As a bonus, you will get exactly the applications you want. No more bewildering array of preference selections. The app is for you, not for the masses. You won’t have to ask the app not to track. You won’t have annoying ads until you pay for a premium service. Need a new feature? “Hey, ChatGPT, I need you to change the novel writing app we created.”
We will finally have “programming for the masses.”
For all those who disagree, Dr. Matt Welsh would like to have a word.
What will the code look like? In the early days of programming, we were setting switches and pushing buttons on huge machines. Later, we were writing Fortran on punch cards. Today, we have easy languages like Python and hard languages like Rust, but consider even very difficult languages such as APL. The following is Conway’s Game of Life written in APL :
life ← {⊃1 ⍵ ∨.∧ 3 4 = +/ +⌿ ¯1 0 1 ∘.⊖ ¯1 0 1 ⌽¨ ⊂⍵}
That’s still far easier than entering ones and zeros by toggling switches on a room-sized beast.
Language models don’t need something that humans can read. They’ll be able to write machine code directly. They might still use an intermediate representation that can be easily translated to the machine code for a particular architecture—presumably using a translator they’ve written. Or not. It’s hard to predict the future.
Programs could potentially run faster and more reliably, but many people are not going to feel comfortable with code they can’t verify, but this is where we’re heading.
I also expect many applications will simply go away, being replaced by a single language model which can handle this for us. “Hey, ChatGPT! Send an email to mom, wishing her a happy birthday.” And ChatGPT will do that, probably matching your conversational style.
Conclusion
The programming profession, as we practice is today, is dying. We may not see it yet, but it is. And for all the cries of “programming language X is dying,” the truth is that all programming languages are dying. We face an existential threat, but I see many programmers denying this, insisting that they’re still better than the language models. It’s true, they often are, but they’re slower than the models and the models are getting better. More to the point, they’re getting better faster than we are.
It’s possible there will still be a role for programmers, though.

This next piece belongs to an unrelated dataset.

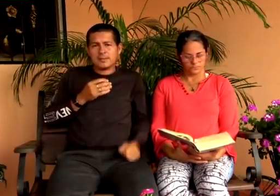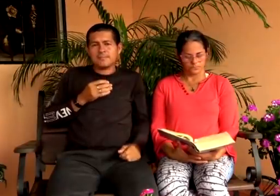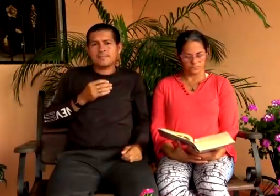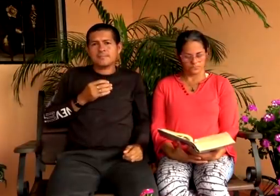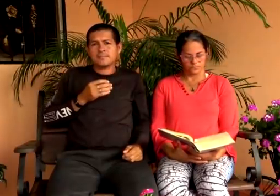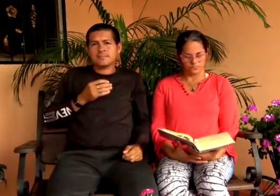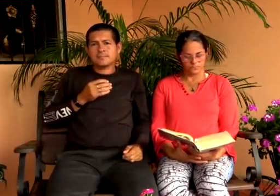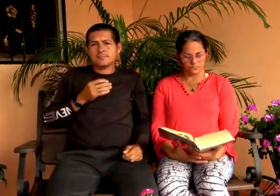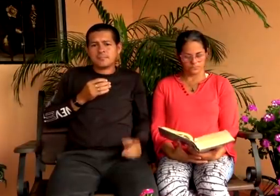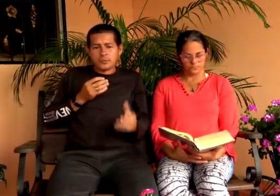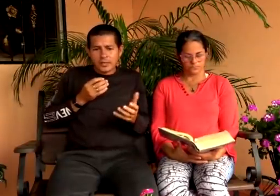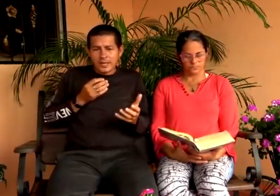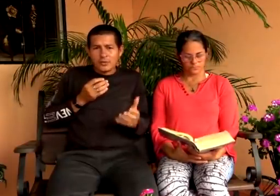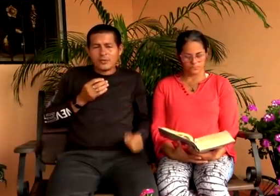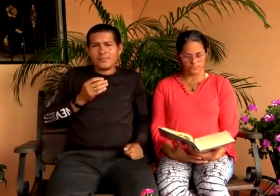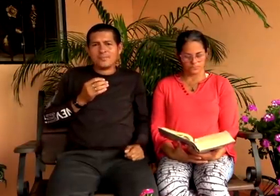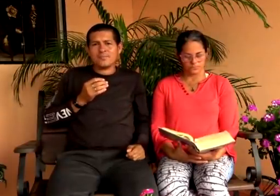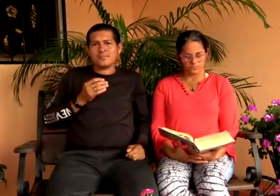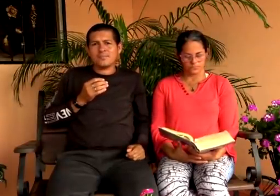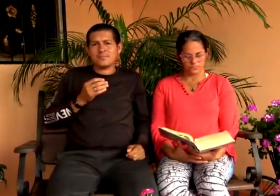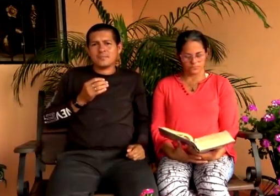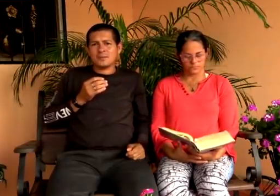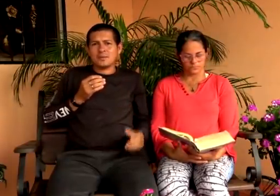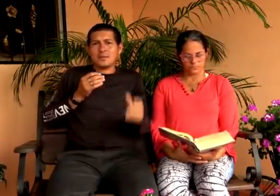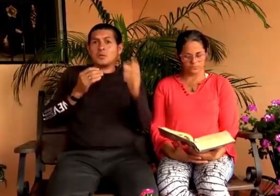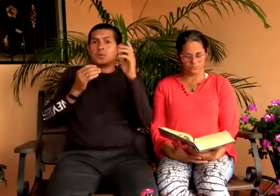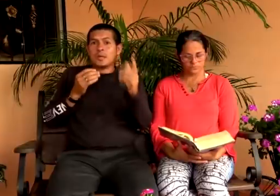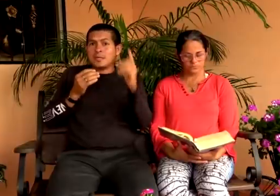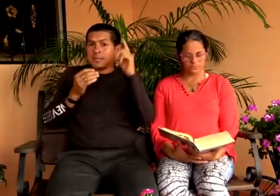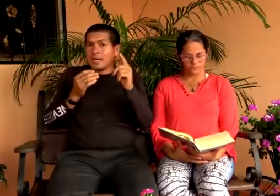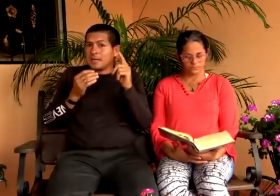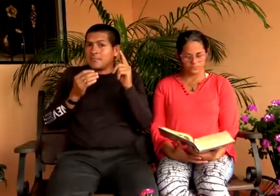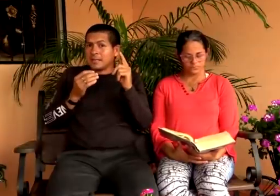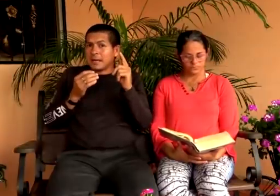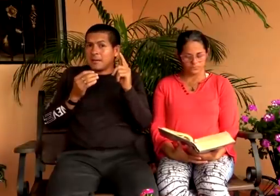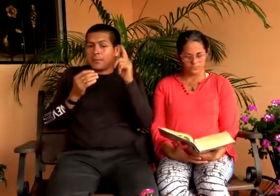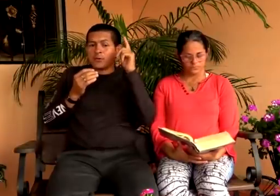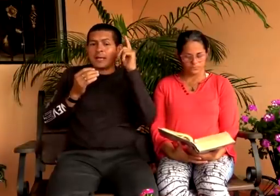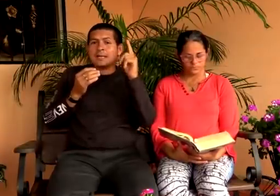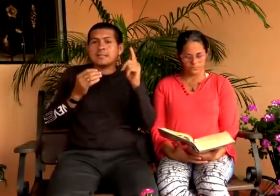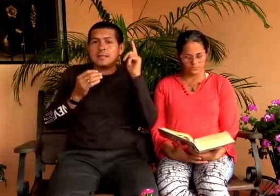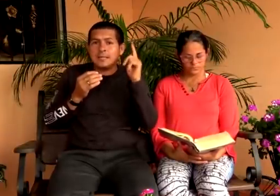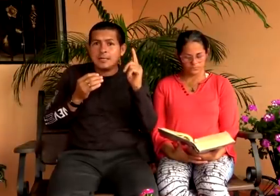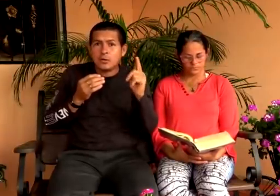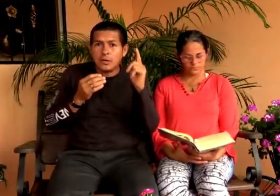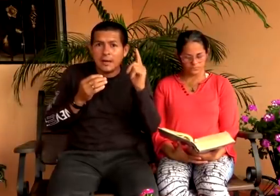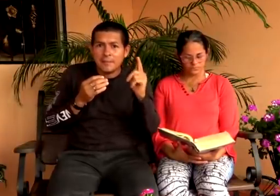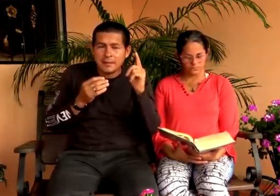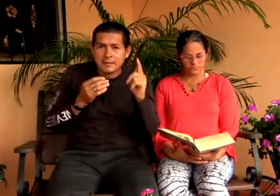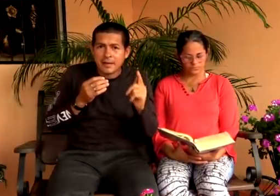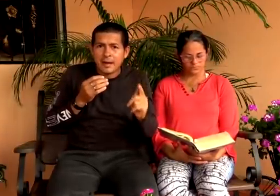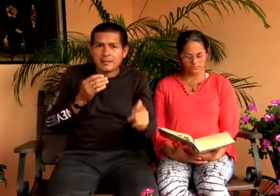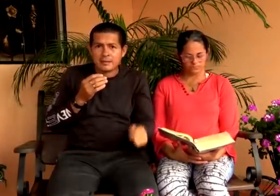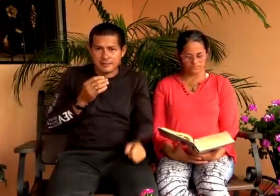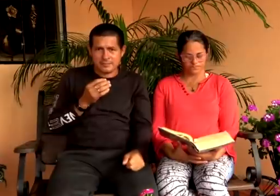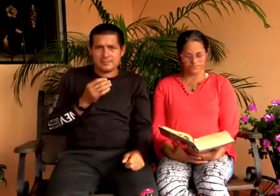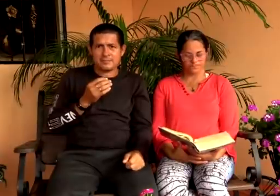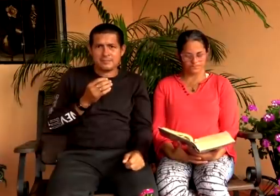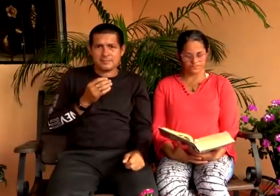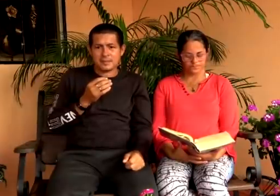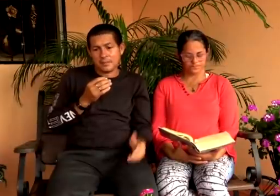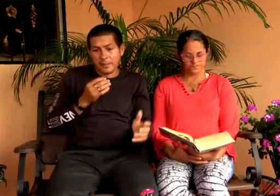¿Lo aceptan? ¿Por qué no? Ustedes quieren matarme porque les digo la verdad.

In the 80s, I was tutoring college students in the C programming language. I met many brilliant people who simply couldn’t think about programming the way programmers do. Despite their intelligence, they couldn’t understand how to structure programs, but lacking this skill, they had other skills that programmers often don’t.
This might spill over to prompt engineering. Note how detailed my original prompt was. If you go back to that prompt, note the last item on the list about deleting items from storage when I remove them from my list. If I didn’t have that, I’d eventually risk filling up my storage over time, but not know why. It’s little details like that which will keep programmers in business for a while...until the AI learn to anticipate situations like this and ask us how to address it.
“Prompt engineering” might be renamed “programming” in the future. However, as language models increase in power, I expect that even this strength might go away. If language models can ever incorporate system 2 thinking , all bets are off. That might also be what leads us to artificial general intelligence .
The AI boom today is like the internet boom in the 90s. There will be “bust” periods as many AI companies offer products with no value. There will be detractors who call AI “just a fad.” And AI will continue regardless. I’m both excited and concerned by the future.